The Hikurangi Subduction Zone lay comparatively much closer to the coastline, perhaps making communications logistics more manageable, and sensors might not have to be placed along the entire system.
"You might only need a smaller number of instruments along the Hikurangi," said Dr Kimi Mochizuki, of the University of Tokyo's Earthquake Research Institute.
"We may also find there could be sweet spots where we can focus on, meaning you don't have to cover the entire margin, but we also need to do some more research on this."
Meanwhile, GNS was running a two-year EQC-funded study to ask how – and if – Kiwis would use early warnings.
"One of the main things we want to find out is how people would use the time given by a warning system to make themselves and others safer," explained Dr Julia Becker, a social scientist at GNS.
"For instance in Japan, warnings for large earthquakes are automatically texted out and used immediately by train drivers to slow the trains down, for surgeons to make a patient safe during an operation and for the general public to take safety steps.
"Here we'll be looking at how it might be used for hospitals, rail and road transport, manufacturing and the general public.
"We'll also be looking at what the most effective channels for sending out warnings would be."

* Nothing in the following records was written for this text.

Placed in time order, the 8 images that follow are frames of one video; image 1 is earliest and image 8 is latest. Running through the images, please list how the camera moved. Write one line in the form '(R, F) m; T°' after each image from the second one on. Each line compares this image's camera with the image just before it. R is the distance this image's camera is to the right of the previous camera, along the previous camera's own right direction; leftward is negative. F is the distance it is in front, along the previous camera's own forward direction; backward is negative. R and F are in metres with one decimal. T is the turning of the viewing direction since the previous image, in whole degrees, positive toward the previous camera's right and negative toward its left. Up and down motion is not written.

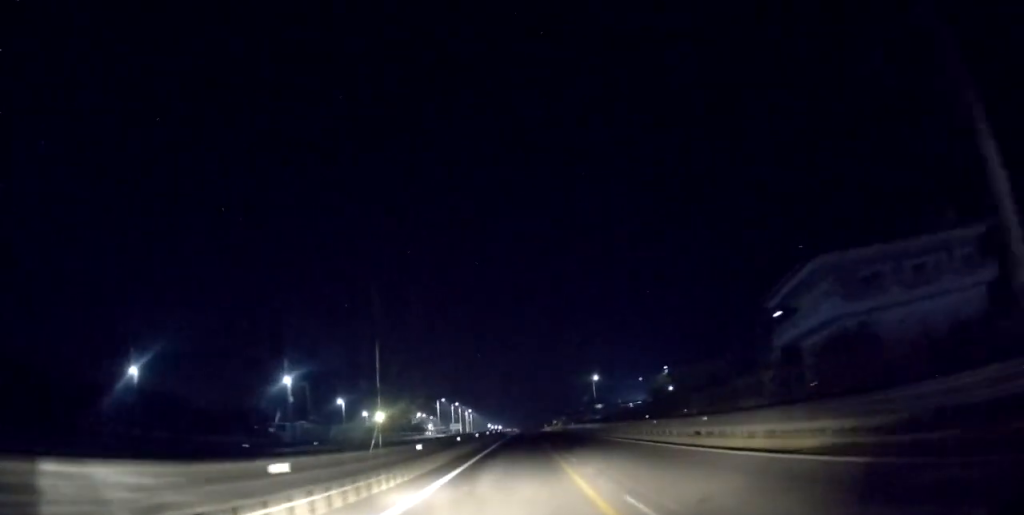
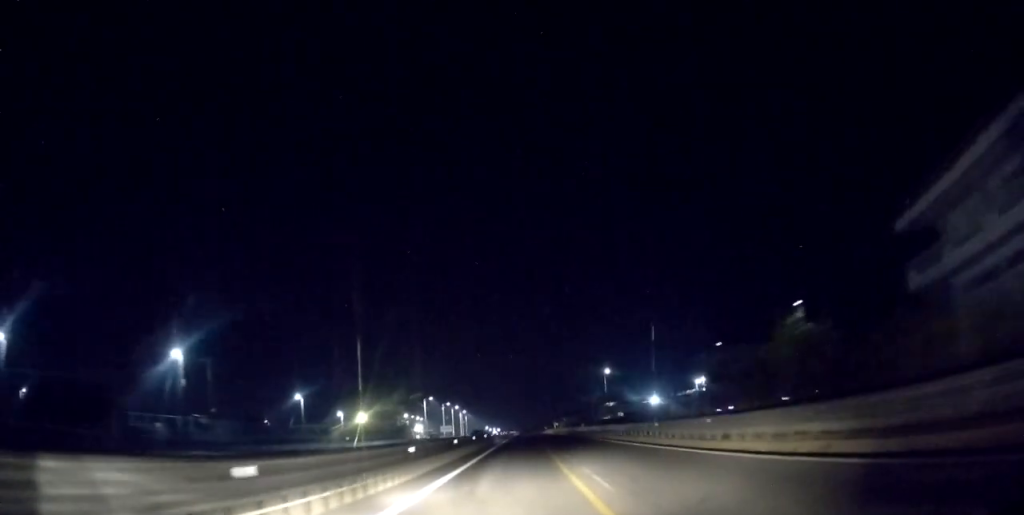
(-0.2, +18.9) m; 0°
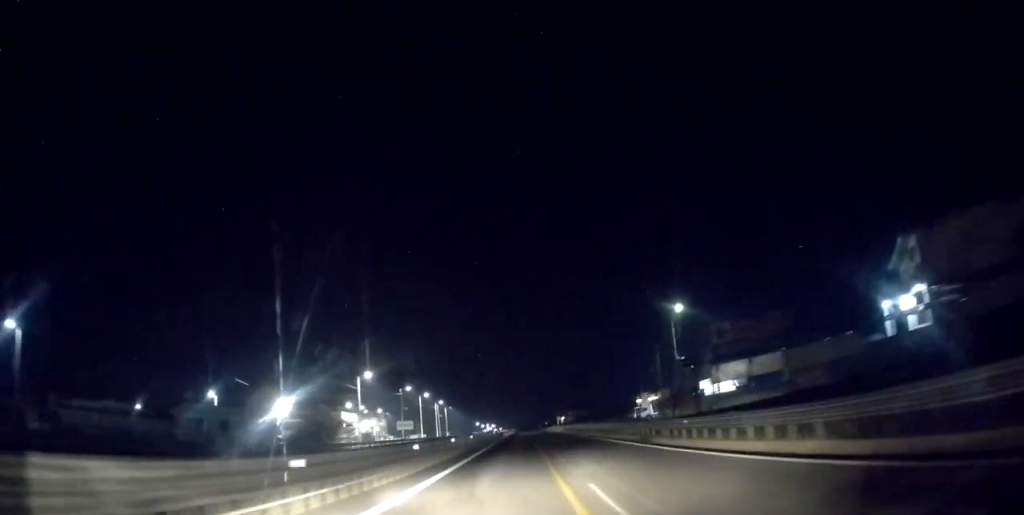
(+0.6, +52.0) m; +1°
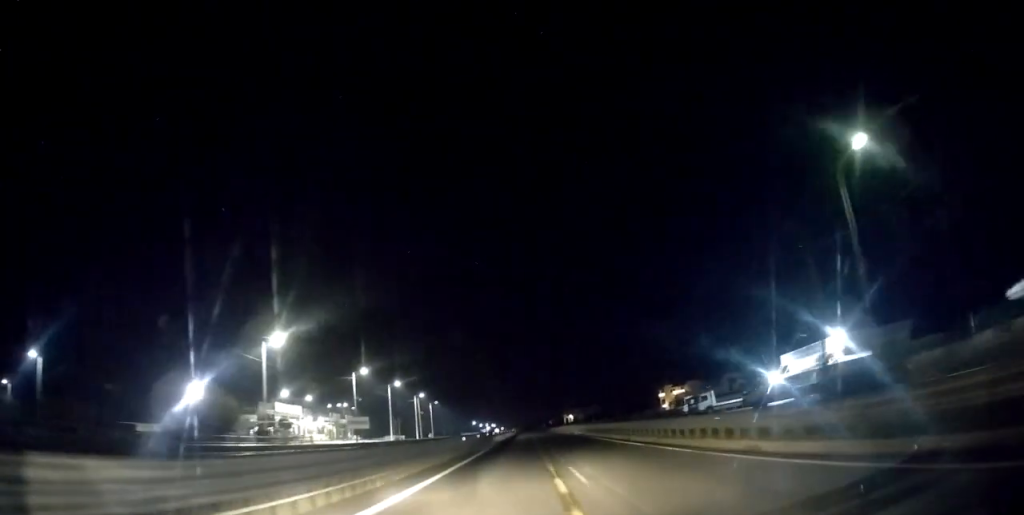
(-0.3, +32.2) m; -1°
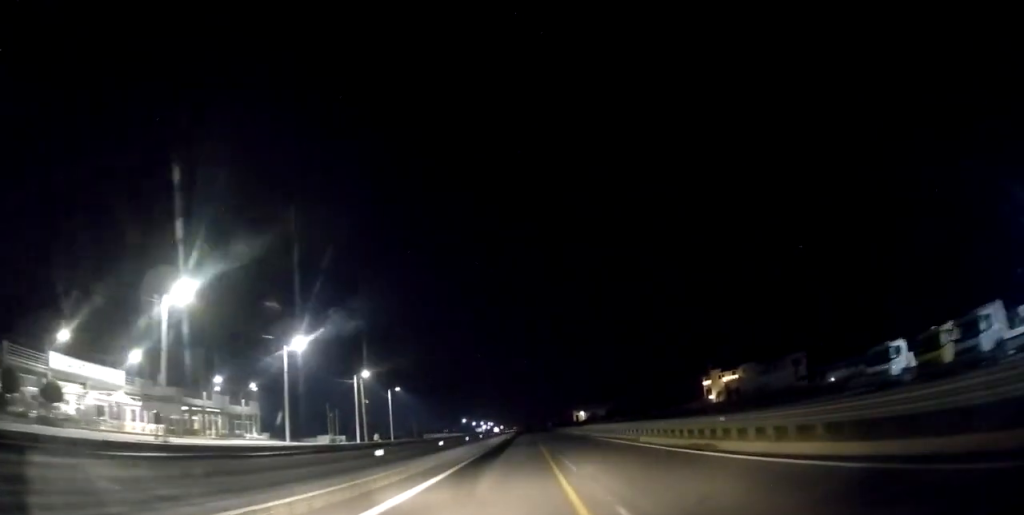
(-0.2, +44.9) m; -1°
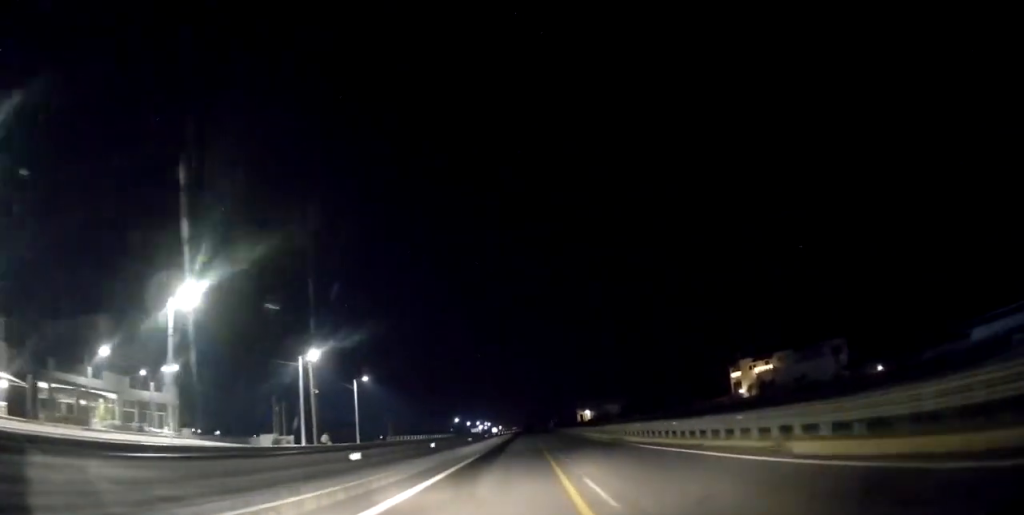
(-0.2, +19.9) m; 0°
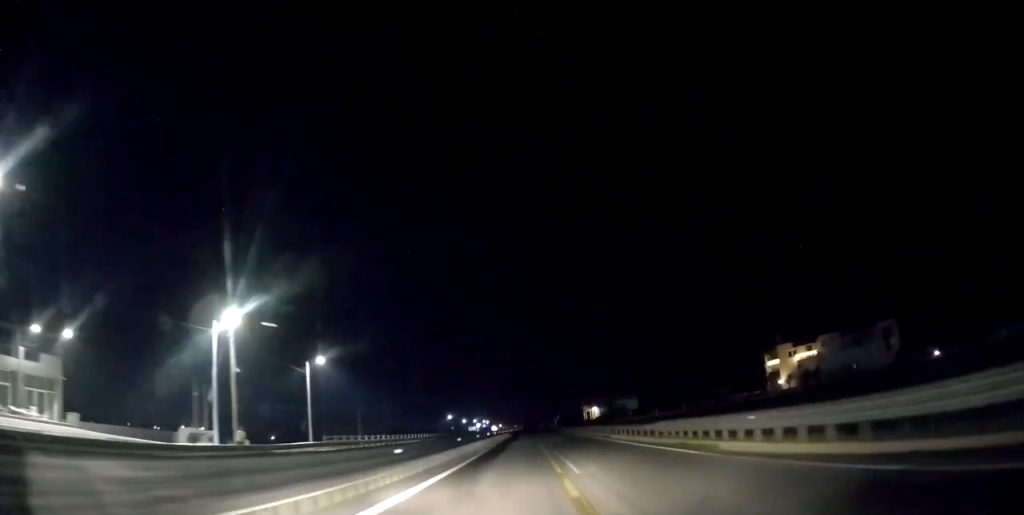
(+0.2, +18.8) m; 0°
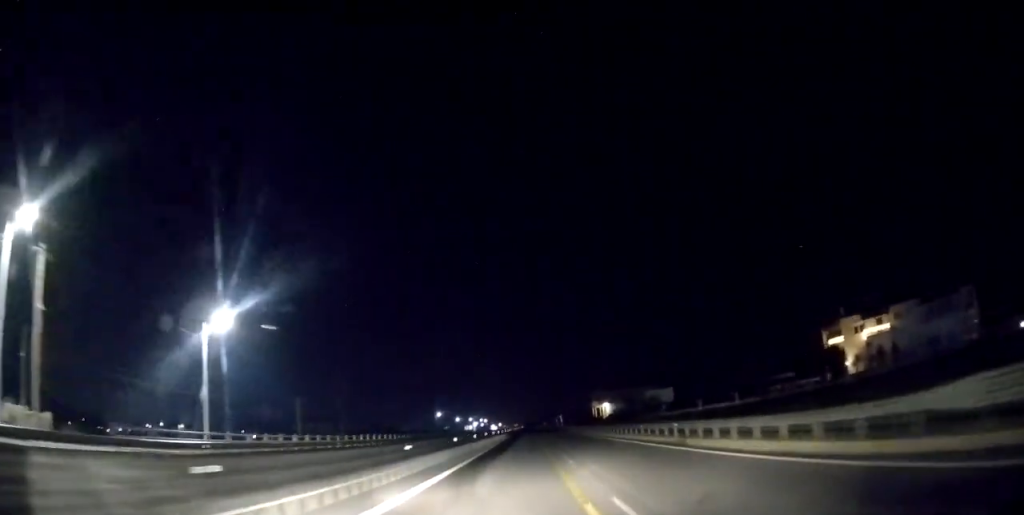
(+0.1, +21.6) m; 0°
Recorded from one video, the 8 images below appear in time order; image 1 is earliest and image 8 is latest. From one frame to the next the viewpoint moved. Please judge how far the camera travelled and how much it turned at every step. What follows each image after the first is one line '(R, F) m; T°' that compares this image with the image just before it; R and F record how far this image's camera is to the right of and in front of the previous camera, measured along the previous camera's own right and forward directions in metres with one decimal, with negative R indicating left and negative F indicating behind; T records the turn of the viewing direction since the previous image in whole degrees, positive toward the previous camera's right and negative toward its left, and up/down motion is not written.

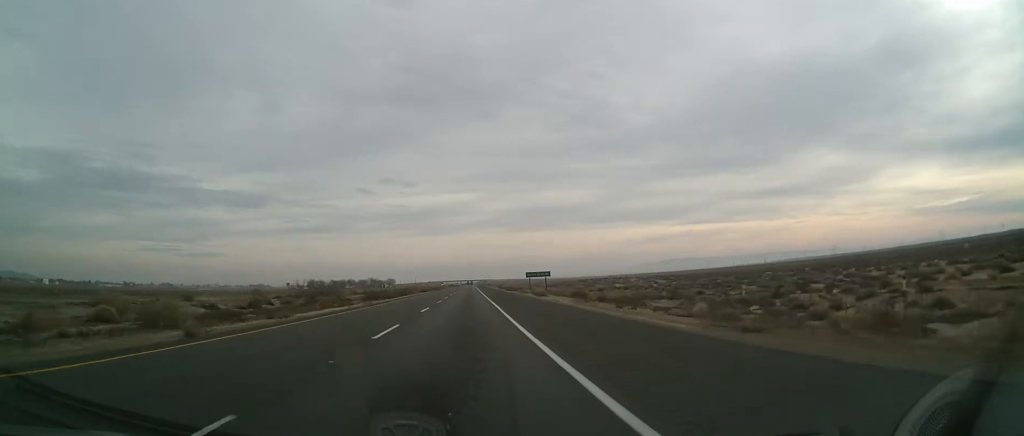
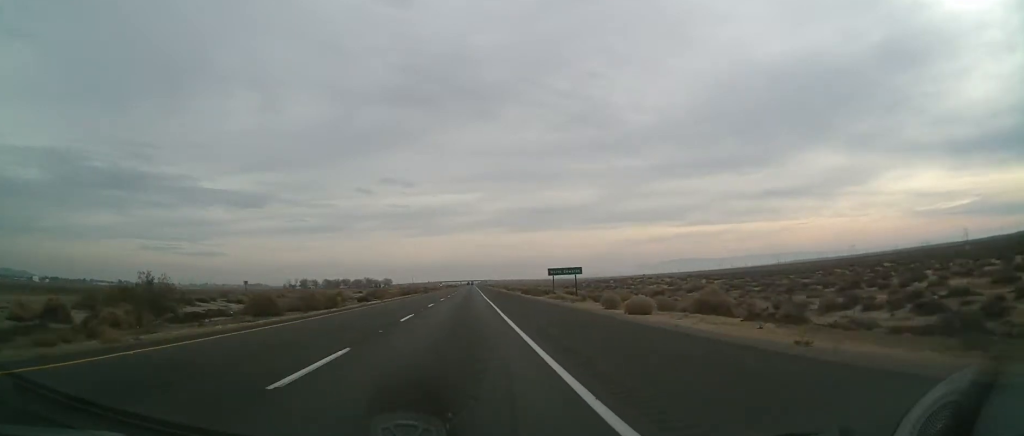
(0.0, +36.8) m; 0°
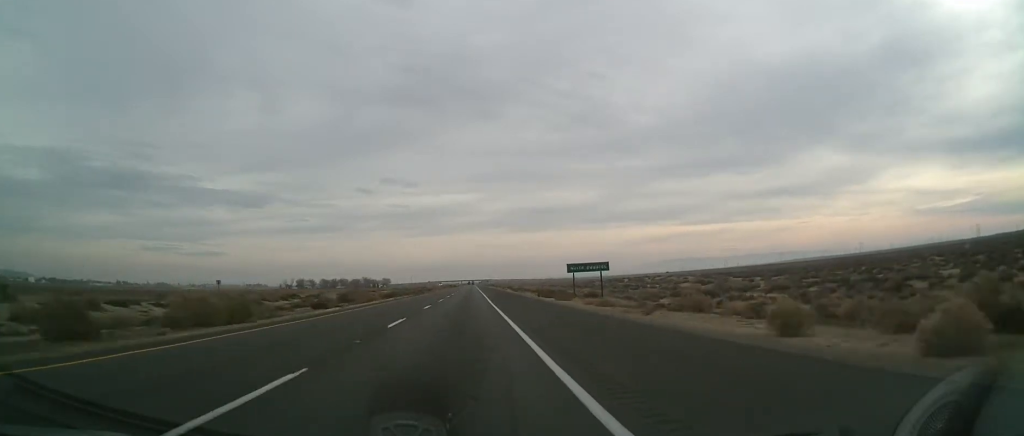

What ultimately remained clear was there was much that could be done to reduce our risk.
Researchers have suggested that spending just $50m extra on mitigation efforts each year had the potential to save thousands of lives.
LONG, STRONG, GET GONE
If authorities want four words to stick, it's these: long, strong, get, gone.
"If it's long and strong, don't fill your car with supplies or take any detours – just go," said Hawke's Bay's emergency management co-ordinator, Lisa Pearse.
Civil Defence was marking the anniversary of the Tohoku disaster by encouraging people to make a "tsunami hikoi" and work out the route we'll take to get there.
"The 2004 event and subsequently the Japanese event in 2011 heightened our awareness that we also have a risk here."
Research had shown awareness levels had lifted from 30 per cent a decade ago to 60 per cent today.
"But what worried me was a survey we carried out in Napier that asked what would you do in an event: most said they'd help their neighbour, or check on their children."
Just 17 per cent said they'd do the correct thing.
That finding was reflected by results of Civil Defence's latest disaster preparedness survey.
While the Kaikoura Earthquake had bumped up awareness – and more than eight in 10 Kiwis now had the necessary emergency items needed to get through – one in five still thought there would be adequate warning before disaster struck.
And to most Kiwis – perhaps thanks to Christchurch and Kaikoura – "disaster" effectively meant earthquakes; only 10 per cent of us considered the tsunami risk.
Discussing natural disasters could be unsettling, Pearse said, but it was a conversation New Zealanders should never stop having.
"It's a scary subject and people don't necessarily like to think about it or talk about, but it's like anything: if you're aware, you can prepare."